Manuscript recipe (13)
Make less dough than you usually do for manchet, and modify your manchet recipe by making a softer dough, mix ingredients letting them rise for an hour before your work it, and in working it, make it weak, and soft, like baby food, [so adjust water as necessary], and it will rise quickly, then work the dough with a brake keeping it moving quickly over the dough “so that it catches no cold,” [the dough is sticky so you have to move quickly] or use the stretch and fold technique, and mold your symnells and cracknells, and drop them into boiling water, and as soon as they rise, take them out with a skimmer and transfer to a bowl of cold water to stiffen up the dough, as soon as they sink to the bottom, take them out, dry the water with a clean cloth and brush with a feather dipped in saffron water, then bake.
Symnells and Cracknels
100% flour (see flour for first recipe)
75% water
1% yeast (see yeast for first recipe)
1.5 % salt (see salt for first recipe)
Ingredients
Saffron 15-20 threads) of crushed saffron threads in 120 g/ ½ cup water and boil, set aside
455g pastry flour (not cake, all-purpose is fine) (see flour, adove_
340g warm water
4.5 g/ 1 tsp instant yeast OR 30 g/ 2 Tbs barm (see yeast above)
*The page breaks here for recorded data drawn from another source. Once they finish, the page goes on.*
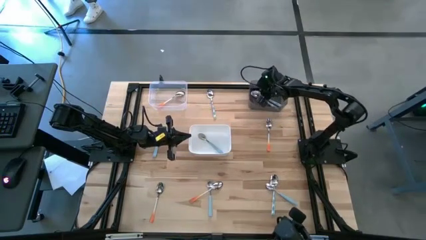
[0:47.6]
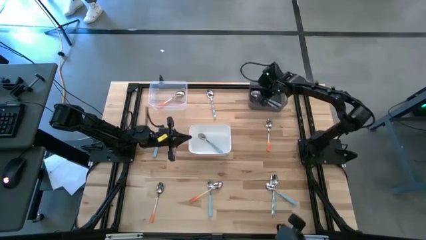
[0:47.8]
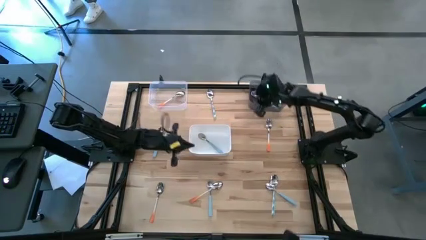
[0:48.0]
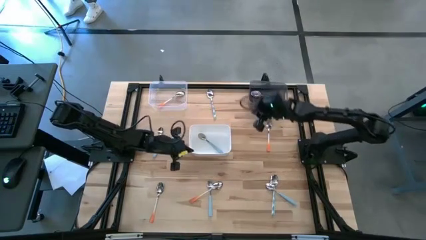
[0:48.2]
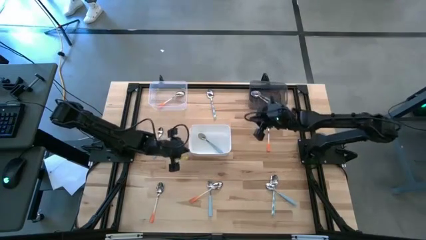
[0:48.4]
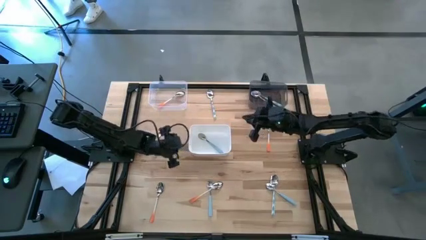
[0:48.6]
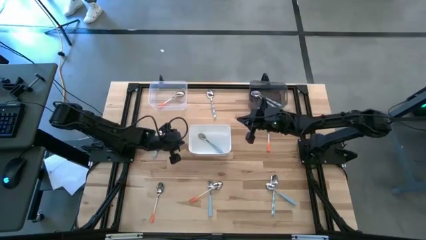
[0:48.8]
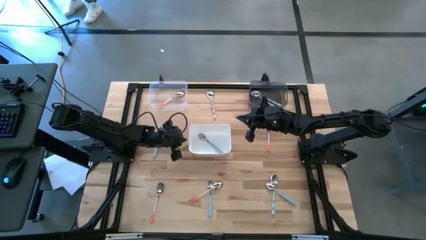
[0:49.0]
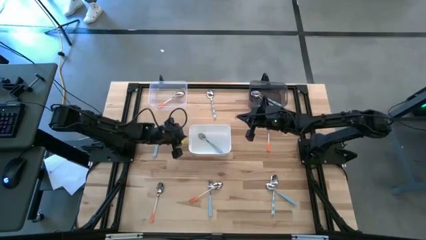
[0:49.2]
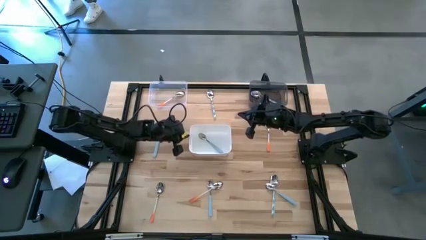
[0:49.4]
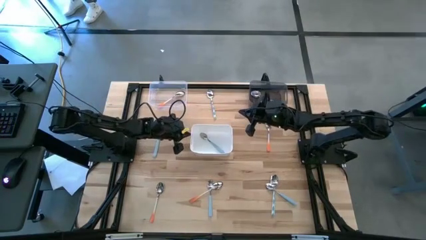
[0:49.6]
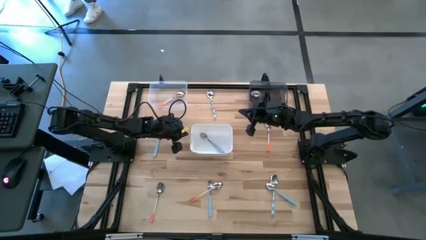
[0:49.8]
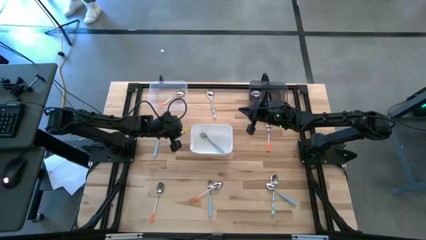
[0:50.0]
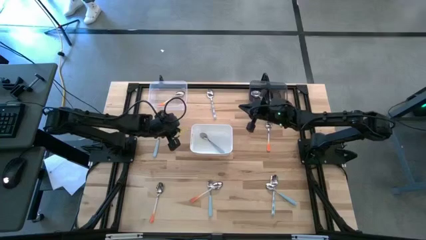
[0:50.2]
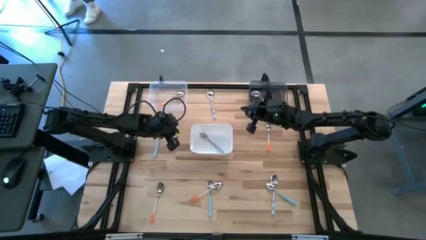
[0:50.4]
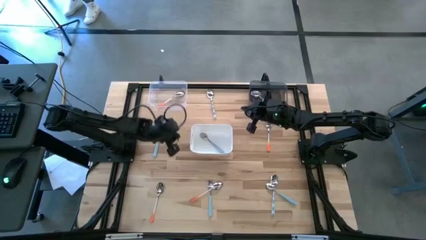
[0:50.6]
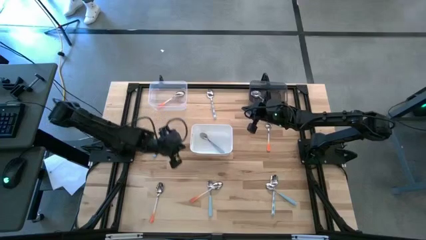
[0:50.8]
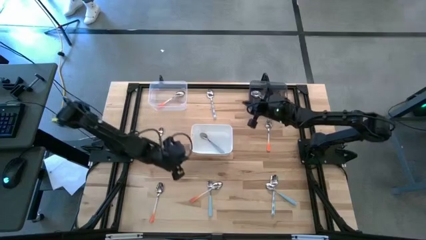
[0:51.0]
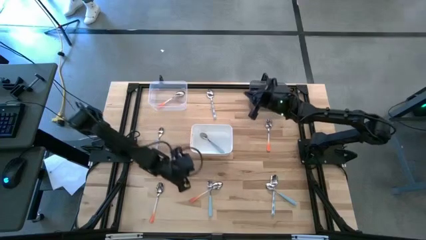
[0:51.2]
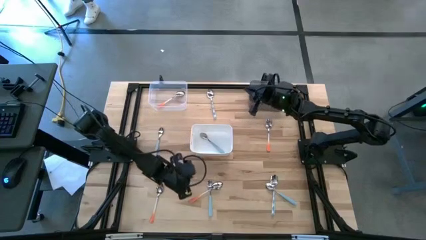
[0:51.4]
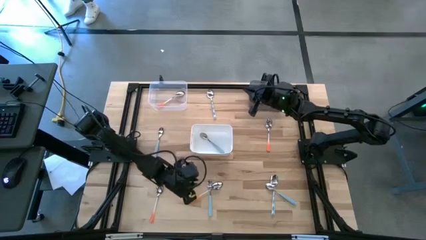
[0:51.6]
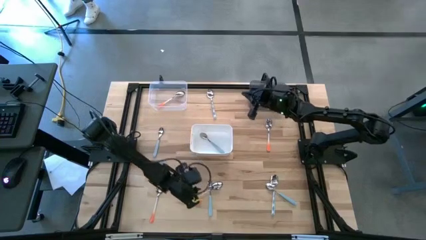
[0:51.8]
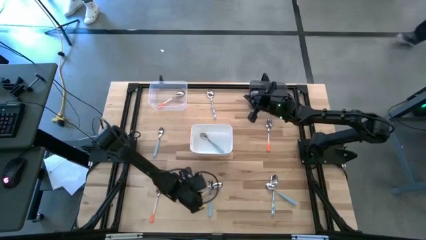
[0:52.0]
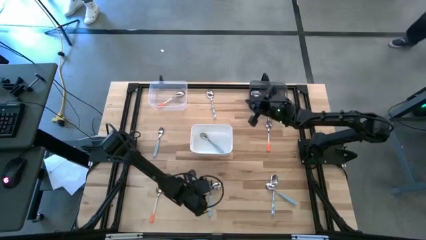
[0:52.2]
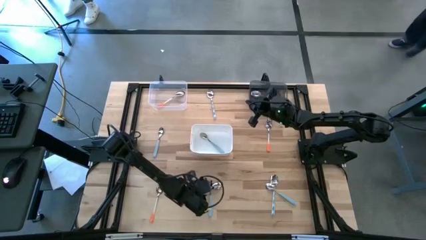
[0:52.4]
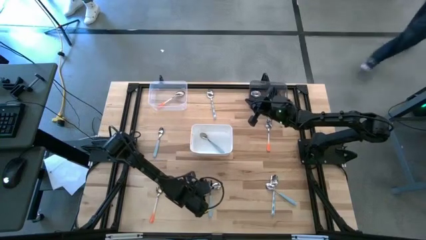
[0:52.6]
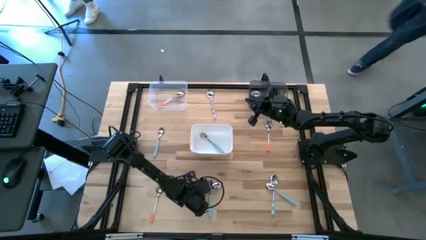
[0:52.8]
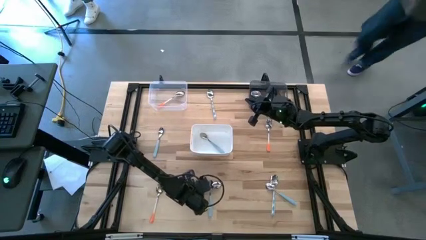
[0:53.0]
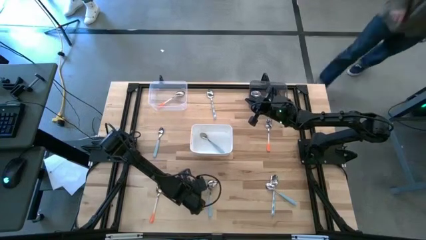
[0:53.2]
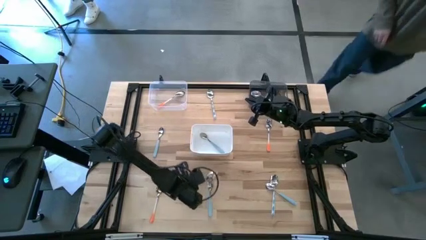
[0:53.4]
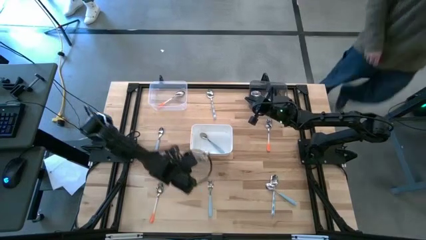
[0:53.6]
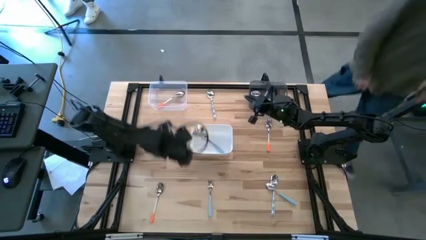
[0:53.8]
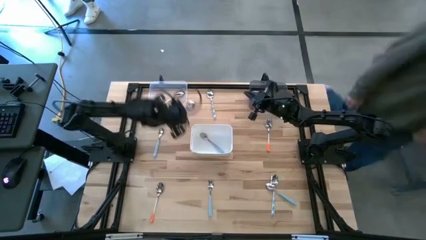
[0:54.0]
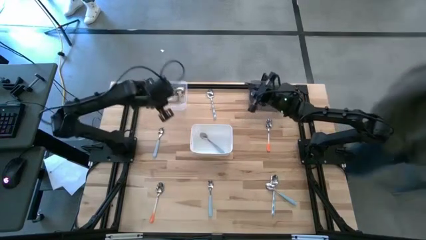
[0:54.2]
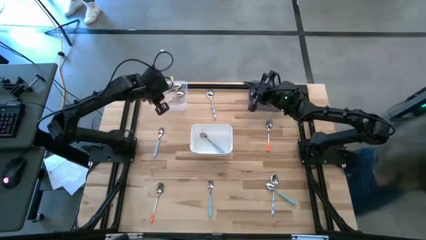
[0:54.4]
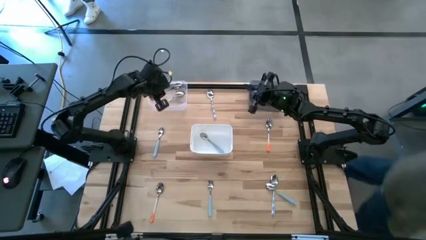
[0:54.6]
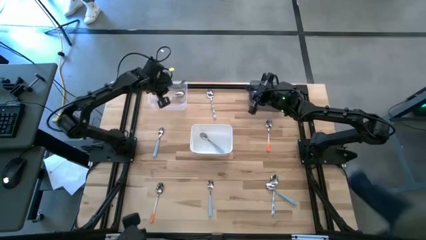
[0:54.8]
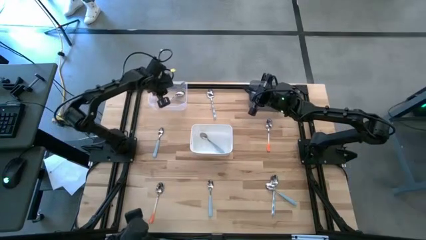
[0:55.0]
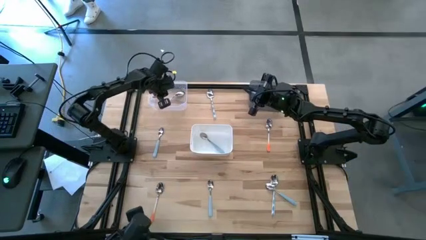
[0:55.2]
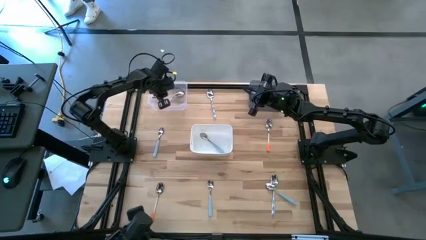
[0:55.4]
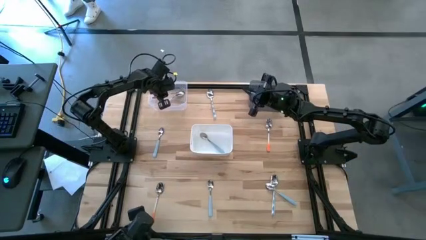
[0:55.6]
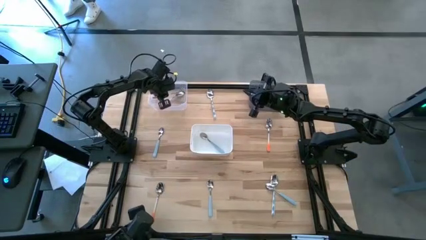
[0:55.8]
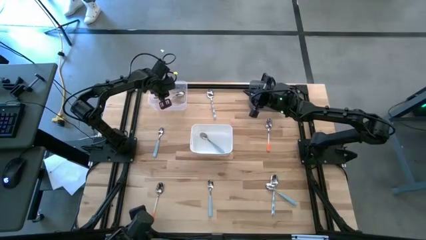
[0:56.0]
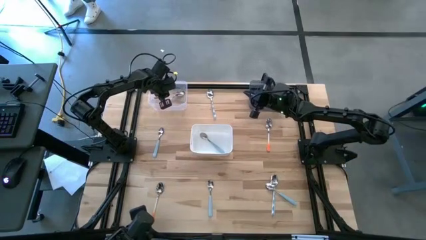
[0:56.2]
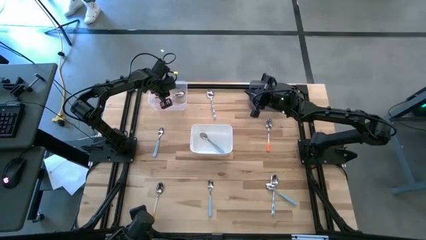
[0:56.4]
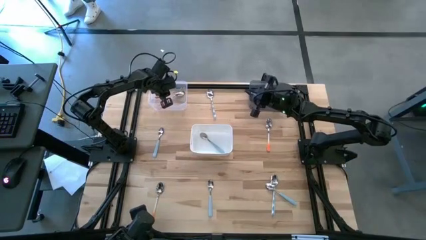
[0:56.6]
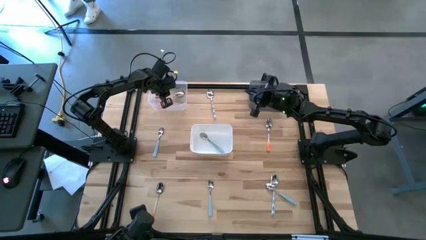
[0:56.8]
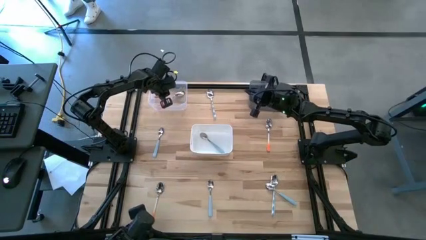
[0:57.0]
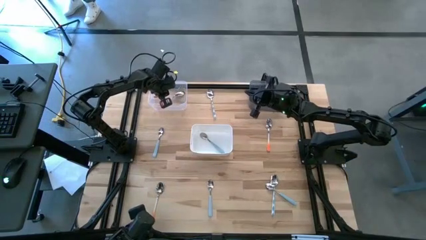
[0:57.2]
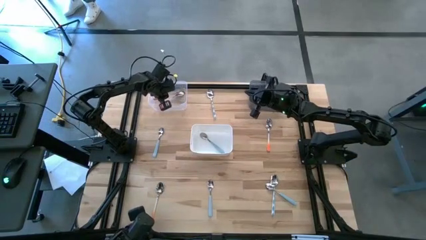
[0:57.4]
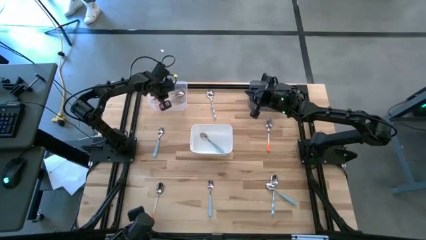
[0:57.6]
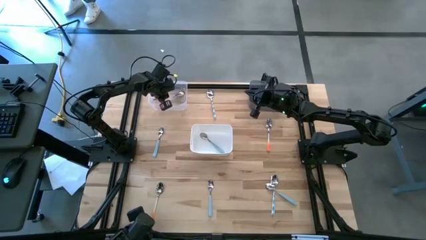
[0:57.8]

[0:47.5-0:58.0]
Task: Sort silverware by color (type)
Put the orange spoon into the transparent bin

6g/ 1 ½ tsp salt (see salt above)
- Mix ingredients, cover, let rest in a warm place for one one.
- When the dough has 15 more minutes left to rise, start boiling a pot with 3 quarts of water & at the same time, prepare another container with 2 quarts of cold water.
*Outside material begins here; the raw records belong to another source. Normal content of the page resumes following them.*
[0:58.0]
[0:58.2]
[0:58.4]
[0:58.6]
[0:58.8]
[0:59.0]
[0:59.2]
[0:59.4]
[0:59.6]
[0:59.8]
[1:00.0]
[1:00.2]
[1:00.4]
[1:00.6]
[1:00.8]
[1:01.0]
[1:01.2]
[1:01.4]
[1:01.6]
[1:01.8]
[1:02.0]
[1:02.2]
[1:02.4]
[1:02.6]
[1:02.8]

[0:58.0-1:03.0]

- After the hour, when the dough has risen, degass and then either brake dough with a rolling pin for 4 minutes, stretch and fold for 4 minutes, or work with an electric mixer with a dough hook. The dough will develop quickly.
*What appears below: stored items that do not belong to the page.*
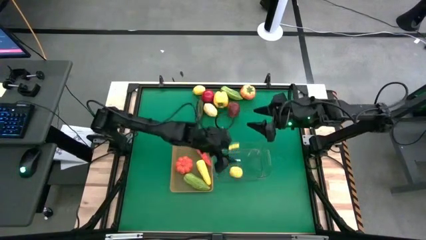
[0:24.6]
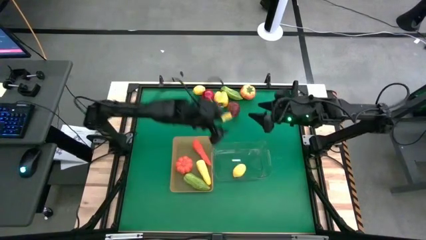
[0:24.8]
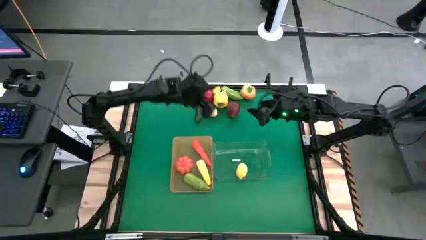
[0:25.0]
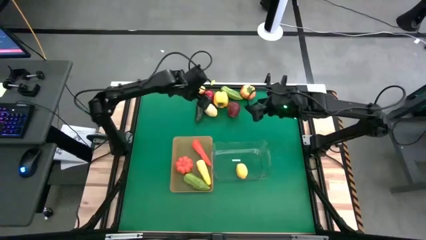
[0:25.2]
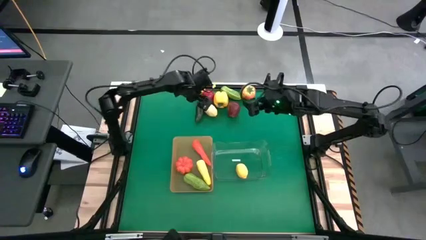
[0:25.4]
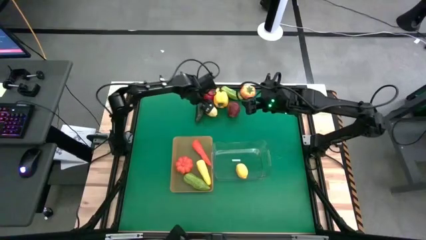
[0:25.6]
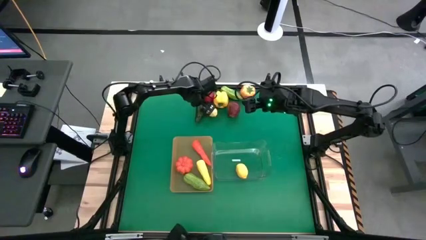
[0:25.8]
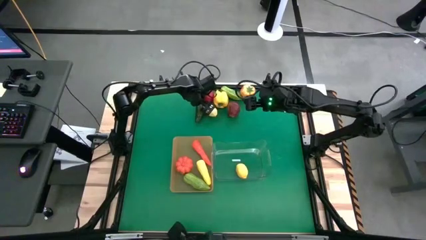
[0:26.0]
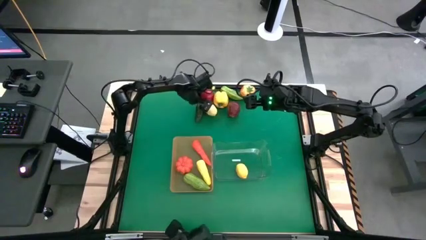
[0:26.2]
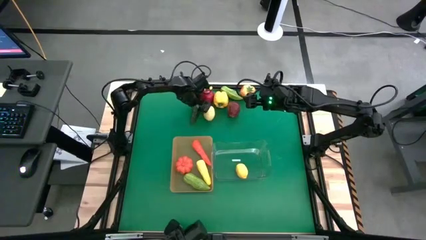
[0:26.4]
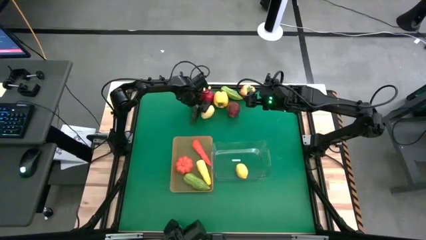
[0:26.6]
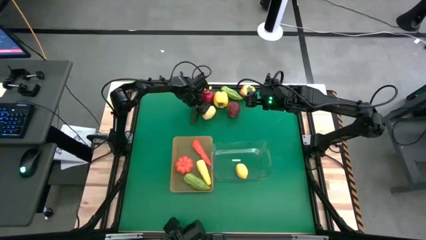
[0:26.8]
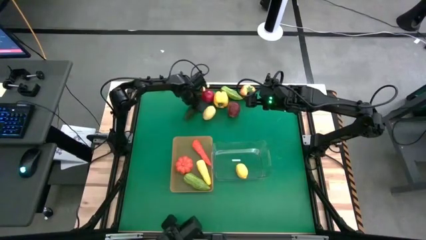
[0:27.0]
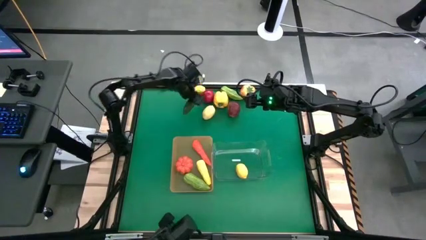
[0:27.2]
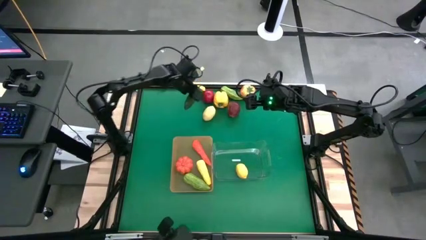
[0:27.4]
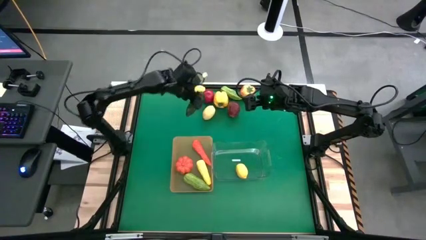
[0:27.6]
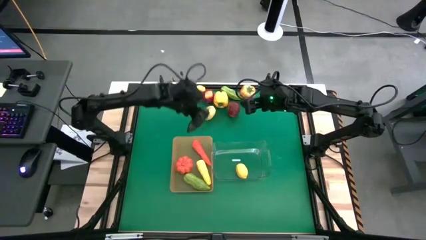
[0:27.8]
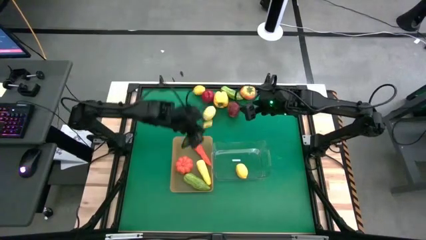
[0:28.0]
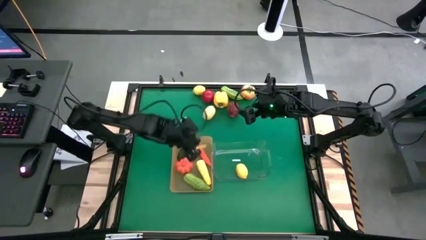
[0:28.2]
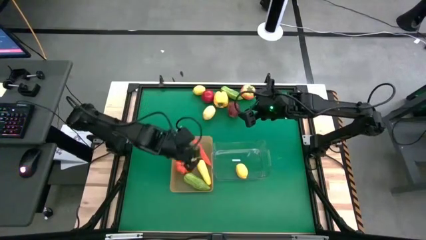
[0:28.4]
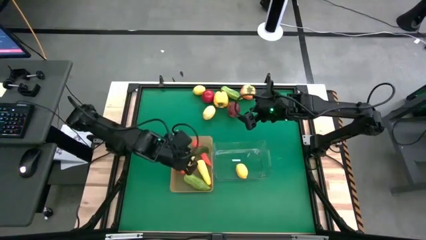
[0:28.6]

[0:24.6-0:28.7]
Task: Sort produce into baskets
Put the green chili pepper into the orange bin

- You will need to add small amounts of flour to dust the wet dough as you form the simnels and cracknels.
- Divide dough into 10 pieces of 72 g / 2.5 oz each. Make some into simnels and some into cracknels.
- Cracknels: Roll into a rope and form into a circle
- Simnels: Shape into a ball, press to flatten into a cake.
- Note: Moistening your hands makes picking up the dough easier.
- Preheat oven to 190°C / 375 ℉ so it is heating while the breads are boiled.
- For both simnels and cracknels, after they have rested for five minutes, begin placing a few at a time into boiling water. [Do not do too many at once!] The dough will first will sink. Release them from the bottom of the pan if they stick. Remove with a skimmer when they float to the surface and place in the cold water. Remove from the cold water. Remove from the cold water when they sink. Place simnels and cracknels on a clean towel to drain and pat dry.
Symnells should be brushed with the saffron water then placed in the oven and baked 30 minutes.
Cracknels can go immediately into the oven and bake for 40 minutes.